No-one reading that should take credibly the claims in the HSJ article this morning which ran with the counter claims of a tame academic appointed by Southern Health and having a partial extract of the report shown to them. Still its another example of the desparate lengths the Trust are prepared to go that is in the public arena. NHS England take note.

This was a shocked chamber that listened to and responded to Hunt's statement. There were two questions that reoccurred that need highlighting. 

The first question was when did the Secretary of State know about the concerns over Southern Health. The answer was early 2014. The issue about repeating this question is that there has been a delegation of power from the Department of Health to NHS England through the 2012 reforms. The Secretary of State cannot be hands on as previous secretaries of state were. 

As a result of repeated marketisation reforms, the NHS banner contains numerous separate legal entities. The ability to act has to be lawful and consistent. It is, in my opinion, this space that has allowed Southern Health to make 300 challenges which will have been legally argued as required. Here its worth noting Jeremy Hunt's response to Andrew Turner:

The commitment I have from NHS England is that it will be published before Christmas. I am confident that, whenever it is published, it will generate huge media interest, rightly so and partly thanks to the shadow Health Secretary’s urgent question. When the draft report was sent to the trust, it came back with 300 individual items of concern, and it was right for NHS England, in the interests of accuracy and justice, to consider fully all those concerns. It has given me an assurance, however, that, whether or not it can reach an agreement with the trust about its contents, the report will be published before Christmas.

An agreement with the Trust. Yet also note what Hunt said to Heidi Alexander that [w]e will not allow any further arguments about methodologies to stand in the way of the report being published before Christmas. I would suggest that any goodwill within Whitehall towards Southern Health has been burnt up.

The second question was around families not having access to legal aid to challenge NHS bodies. This placed Jeremy Hunt in a difficult position because it isn't his turf but that of the Lord Chancellor Michael Gove and the members asking the question knew that. Hence the line that with a properly accountable NHS with full family involvement that there wouldn't need to be litigation.
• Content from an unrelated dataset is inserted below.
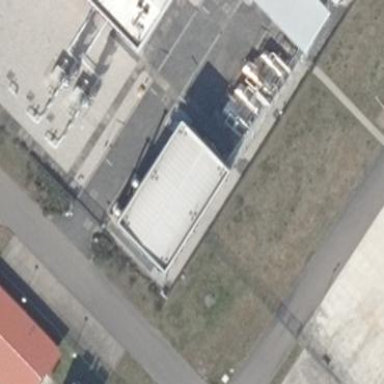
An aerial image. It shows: Industrial building.

A sentiment that I would like to see fulfilled as it would be an extraordinary achievement. Until that perfect world, the Ministry of Justice needs to be lobbied in order that the scales of justice are balanced. 

This 30 minutes merely sets the context for future events. Once the report is published then a full debate will follow. This is where the House of Commons can give direction to the Secretary of State and that then empowers NHS England. Publication shifts power balances and serious reports require serious actions.

I would want to see Southern Health broken up, the earth salted and its ashes scattered to the winds. Its board and senior management were too remote and separate from the actual practice of care. Its size and empire (property) building are emblematic of an unfit culture. I believe, based on experience, in rooting management in the community so that values are shared and mutually understood. This sector of the NHS appears aloof and outside of those processes. When the debate occurs, I hope consideration is made on that point.